_THE RECORDS_.
>>

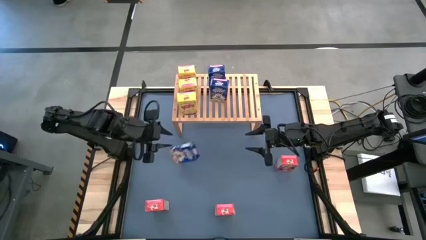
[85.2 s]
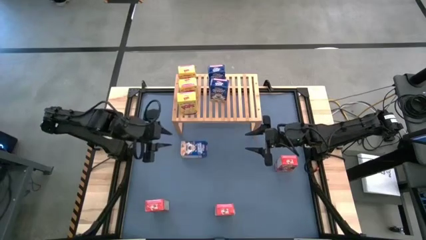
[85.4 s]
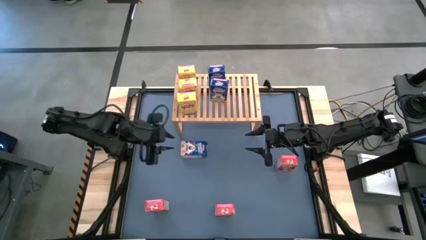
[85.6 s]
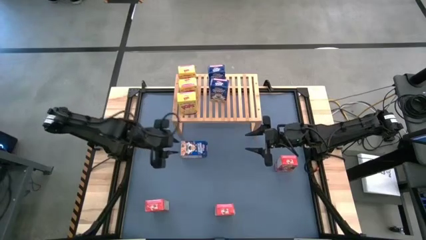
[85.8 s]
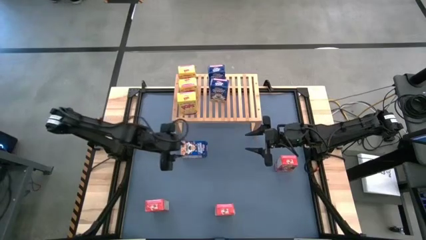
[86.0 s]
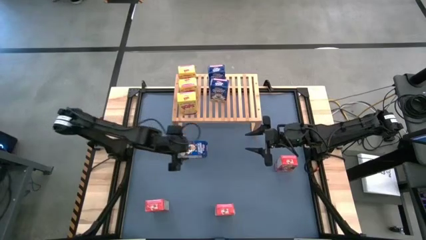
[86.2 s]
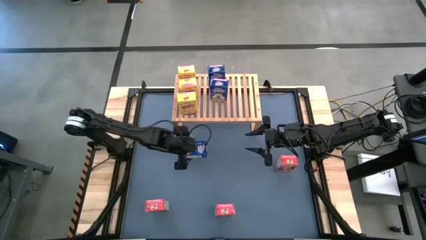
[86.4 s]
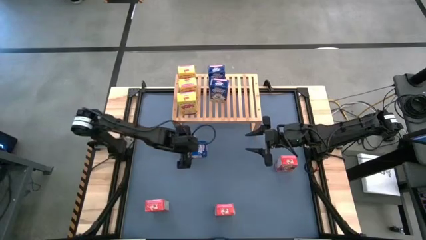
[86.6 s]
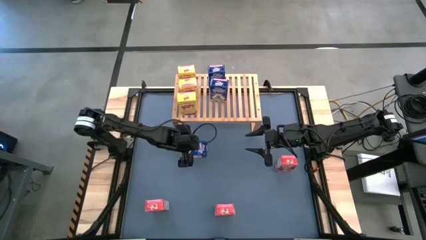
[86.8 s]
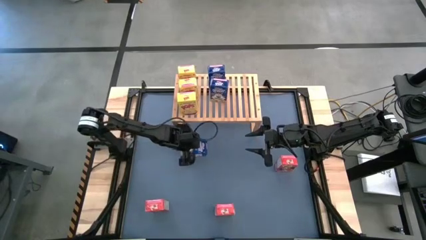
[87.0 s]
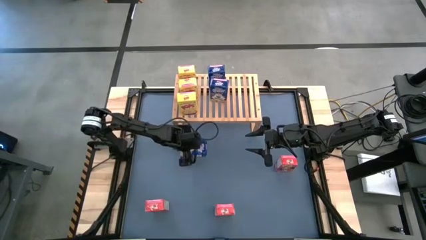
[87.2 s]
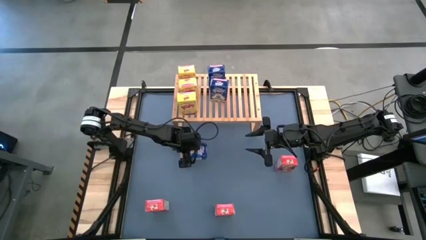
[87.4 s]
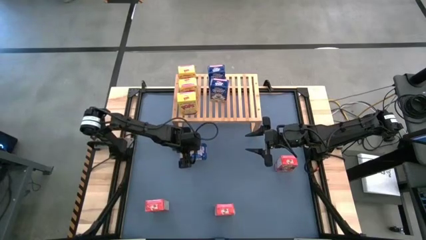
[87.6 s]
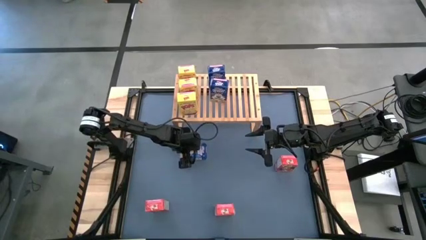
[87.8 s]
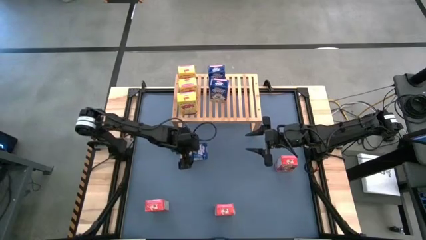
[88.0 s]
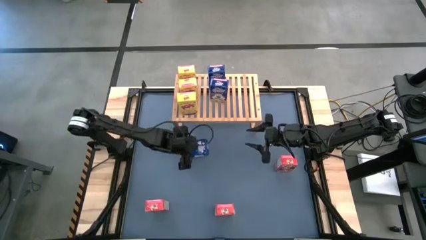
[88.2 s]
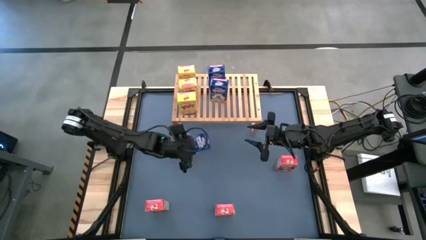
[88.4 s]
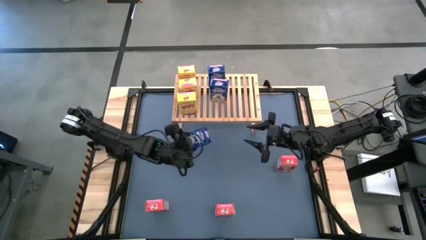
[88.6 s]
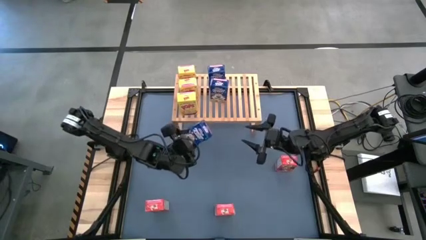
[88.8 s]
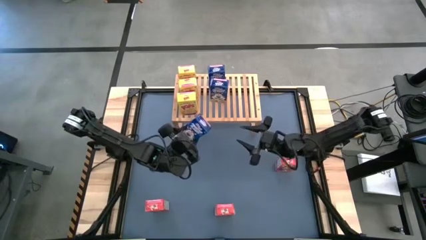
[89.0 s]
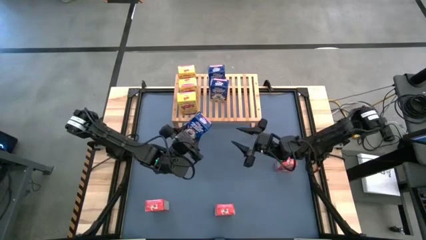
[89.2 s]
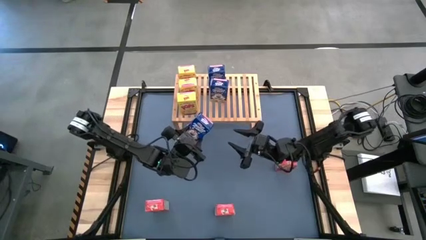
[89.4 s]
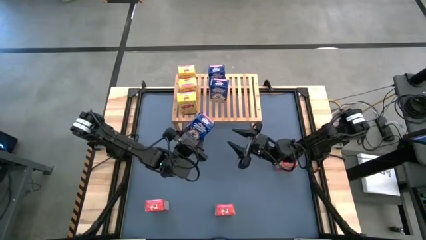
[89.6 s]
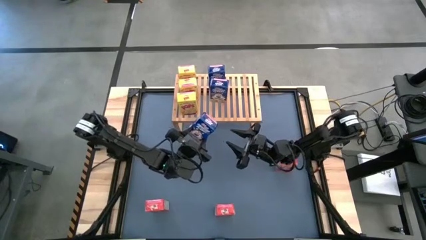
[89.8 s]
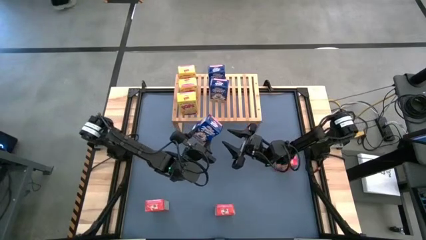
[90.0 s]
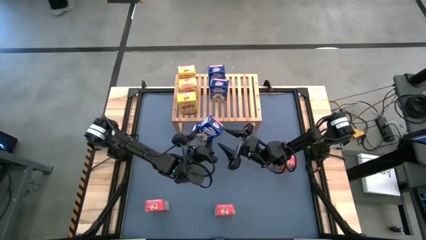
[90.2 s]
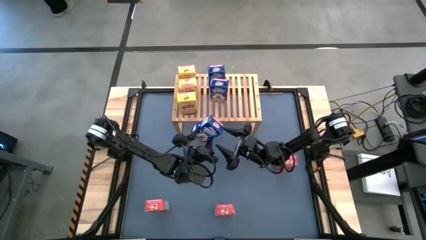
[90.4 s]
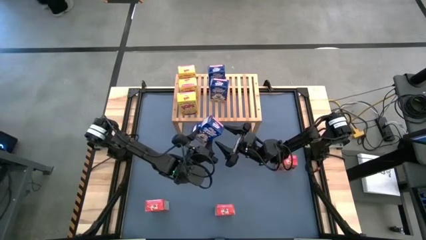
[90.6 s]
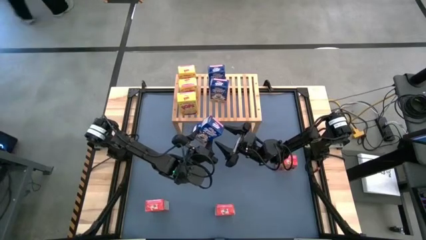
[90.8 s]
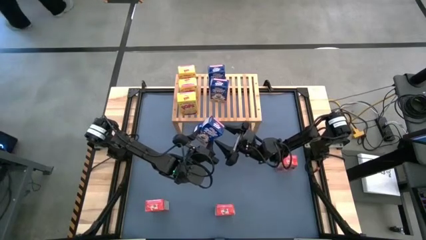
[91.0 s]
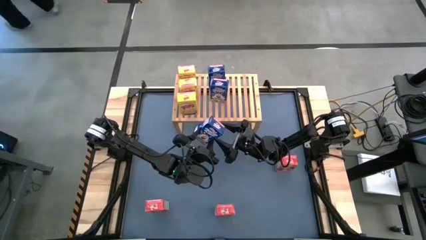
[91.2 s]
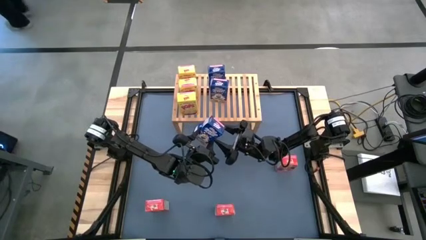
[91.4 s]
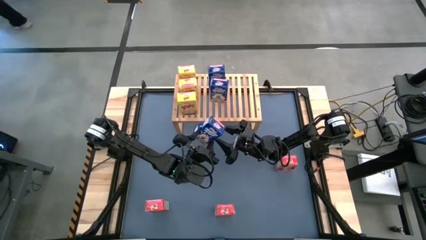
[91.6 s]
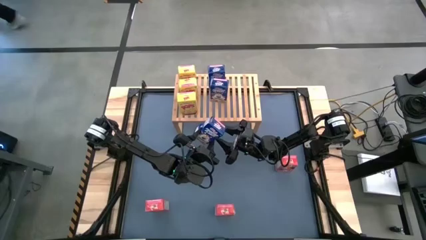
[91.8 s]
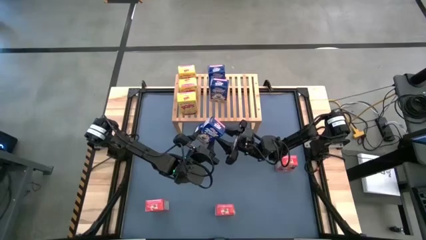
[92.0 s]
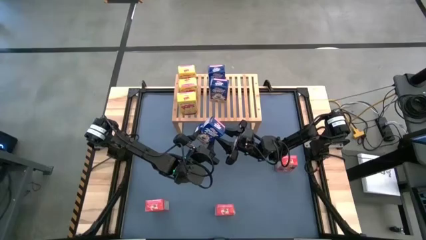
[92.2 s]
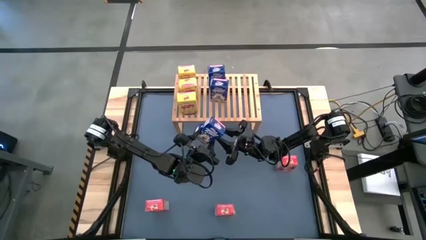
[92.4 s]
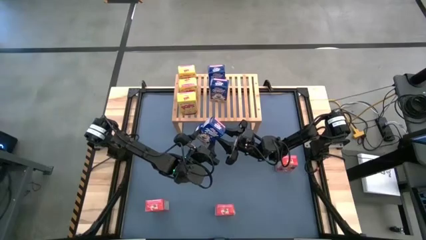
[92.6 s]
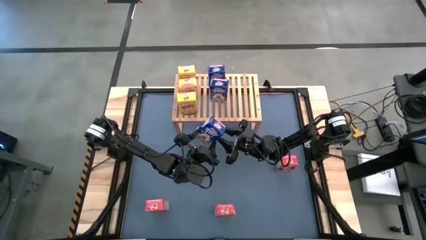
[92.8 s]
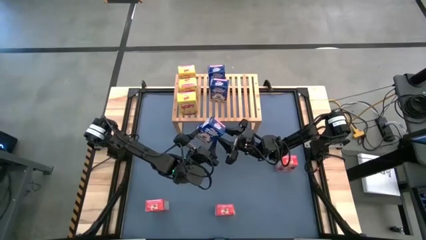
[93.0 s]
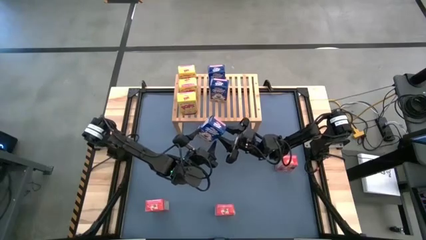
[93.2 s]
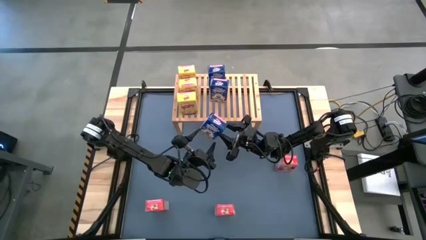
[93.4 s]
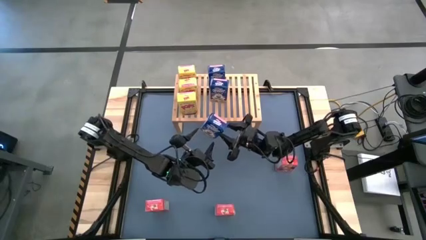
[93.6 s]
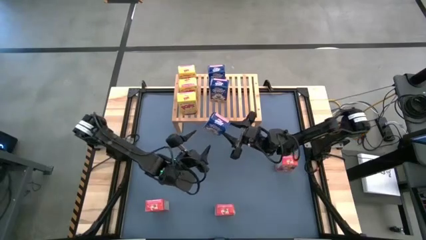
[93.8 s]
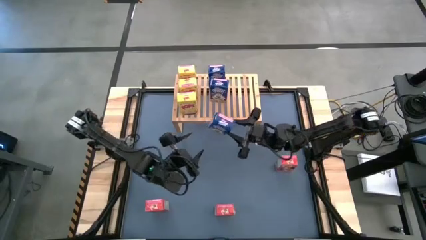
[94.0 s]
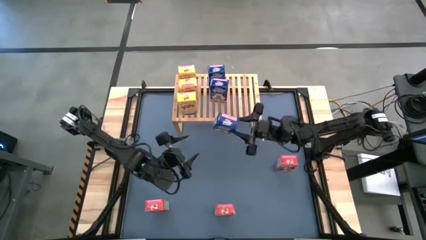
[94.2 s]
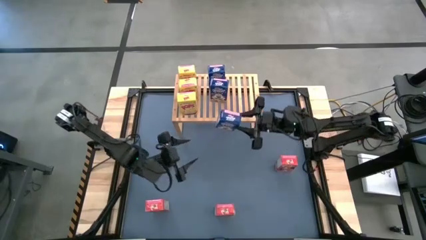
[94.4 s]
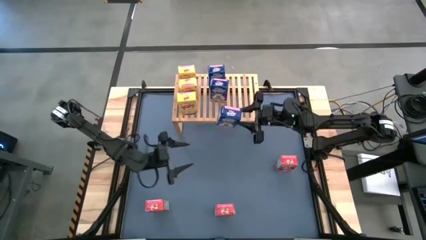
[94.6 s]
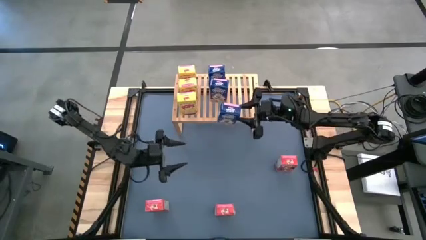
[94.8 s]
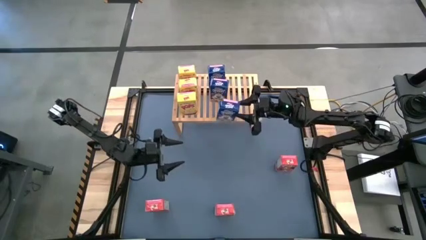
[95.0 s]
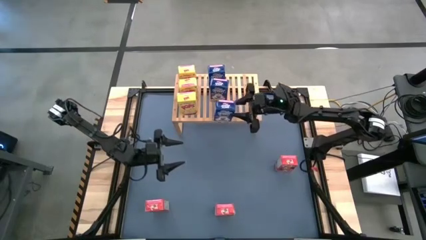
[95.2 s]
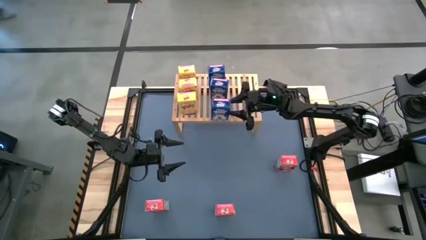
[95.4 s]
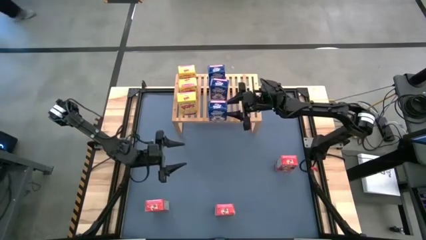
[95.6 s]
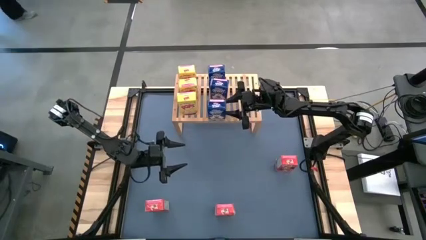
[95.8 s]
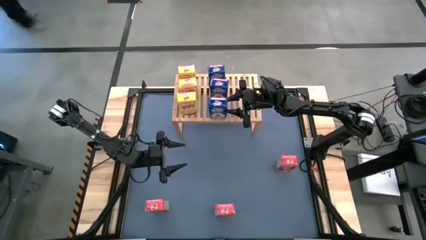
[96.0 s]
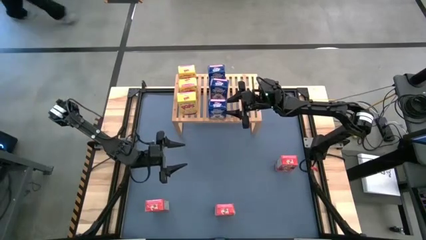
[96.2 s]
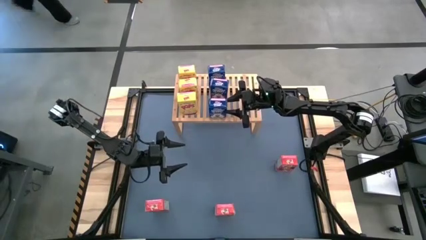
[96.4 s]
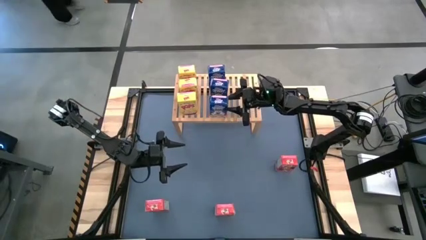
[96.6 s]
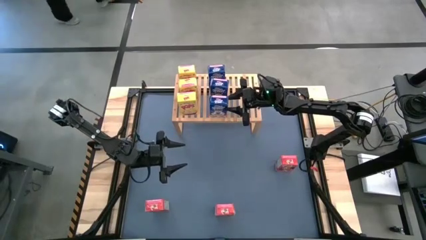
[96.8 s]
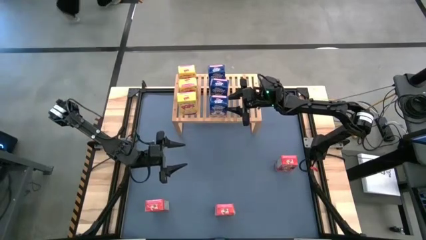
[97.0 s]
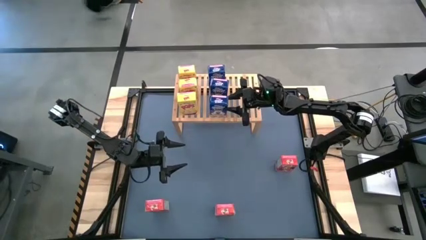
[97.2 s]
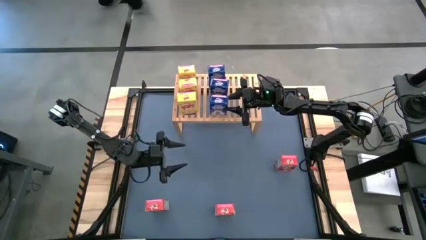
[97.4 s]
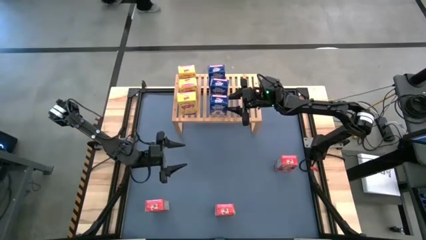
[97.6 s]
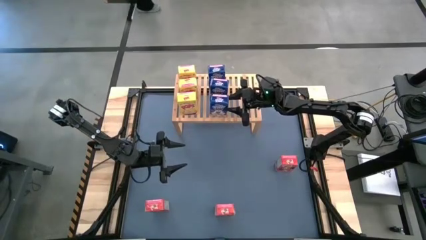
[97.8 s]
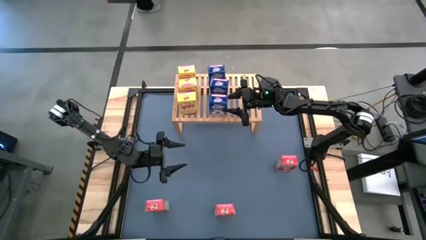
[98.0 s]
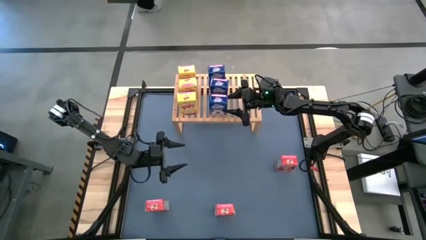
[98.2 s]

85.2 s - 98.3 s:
Task: Stack cereal on shelf
Put the blue cereal box aligned with the other blue cereal box on the shelf

<<

_REQUIREMENT_.
The answer must reproduce every line of the records above exactly, with all pictures left out.

_WRITTEN REPLY_.
[85.2 s]
[85.4 s]
[85.6 s]
[85.8 s]
[86.0 s]
[86.2 s]
[86.4 s]
[86.6 s]
[86.8 s]
[87.0 s]
[87.2 s]
[87.4 s]
[87.6 s]
[87.8 s]
[88.0 s]
[88.2 s]
[88.4 s]
[88.6 s]
[88.8 s]
[89.0 s]
[89.2 s]
[89.4 s]
[89.6 s]
[89.8 s]
[90.0 s]
[90.2 s]
[90.4 s]
[90.6 s]
[90.8 s]
[91.0 s]
[91.2 s]
[91.4 s]
[91.6 s]
[91.8 s]
[92.0 s]
[92.2 s]
[92.4 s]
[92.6 s]
[92.8 s]
[93.0 s]
[93.2 s]
[93.4 s]
[93.6 s]
[93.8 s]
[94.0 s]
[94.2 s]
[94.4 s]
[94.6 s]
[94.8 s]
[95.0 s]
[95.2 s]
[95.4 s]
[95.6 s]
[95.8 s]
[96.0 s]
[96.2 s]
[96.4 s]
[96.6 s]
[96.8 s]
[97.0 s]
[97.2 s]
[97.4 s]
[97.6 s]
[97.8 s]
[98.0 s]
[98.2 s]

85.2 s - 98.3 s:
Task: Stack cereal on shelf
Put the blue cereal box aligned with the other blue cereal box on the shelf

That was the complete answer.